Exercise instructions: Wherever the word "Virginia" appears in a line of the records, copy that line.

Materials provided:

Content starts

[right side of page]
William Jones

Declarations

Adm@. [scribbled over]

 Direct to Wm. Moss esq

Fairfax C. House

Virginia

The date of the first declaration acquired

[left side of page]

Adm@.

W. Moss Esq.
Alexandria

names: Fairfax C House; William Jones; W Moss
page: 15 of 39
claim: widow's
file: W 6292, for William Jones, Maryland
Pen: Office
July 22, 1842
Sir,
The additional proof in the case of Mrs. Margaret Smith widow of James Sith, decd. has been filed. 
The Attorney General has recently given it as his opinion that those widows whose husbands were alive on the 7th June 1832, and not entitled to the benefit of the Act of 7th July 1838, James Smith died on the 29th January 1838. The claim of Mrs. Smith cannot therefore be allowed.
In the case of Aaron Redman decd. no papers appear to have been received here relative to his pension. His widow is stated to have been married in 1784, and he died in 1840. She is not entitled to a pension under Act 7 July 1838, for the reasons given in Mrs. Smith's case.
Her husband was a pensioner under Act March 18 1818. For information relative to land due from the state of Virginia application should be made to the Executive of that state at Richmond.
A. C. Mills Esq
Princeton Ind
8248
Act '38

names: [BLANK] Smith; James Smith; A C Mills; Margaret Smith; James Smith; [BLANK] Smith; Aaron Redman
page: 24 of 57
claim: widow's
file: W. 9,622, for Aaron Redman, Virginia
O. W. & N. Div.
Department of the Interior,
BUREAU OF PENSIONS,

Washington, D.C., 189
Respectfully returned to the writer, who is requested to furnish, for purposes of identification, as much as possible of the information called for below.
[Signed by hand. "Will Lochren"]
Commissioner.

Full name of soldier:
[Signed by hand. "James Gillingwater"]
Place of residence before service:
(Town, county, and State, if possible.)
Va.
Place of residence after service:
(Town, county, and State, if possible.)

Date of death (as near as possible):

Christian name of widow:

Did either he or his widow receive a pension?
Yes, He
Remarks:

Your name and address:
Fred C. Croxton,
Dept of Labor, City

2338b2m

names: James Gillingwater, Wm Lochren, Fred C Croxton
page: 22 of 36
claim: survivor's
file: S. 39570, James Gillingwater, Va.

Content ends

Reply:
Virginia
Her husband was a pensioner under Act March 18 1818. For information relative to land due from the state of Virginia application should be made to the Executive of that state at Richmond.
file: W. 9,622, for Aaron Redman, Virginia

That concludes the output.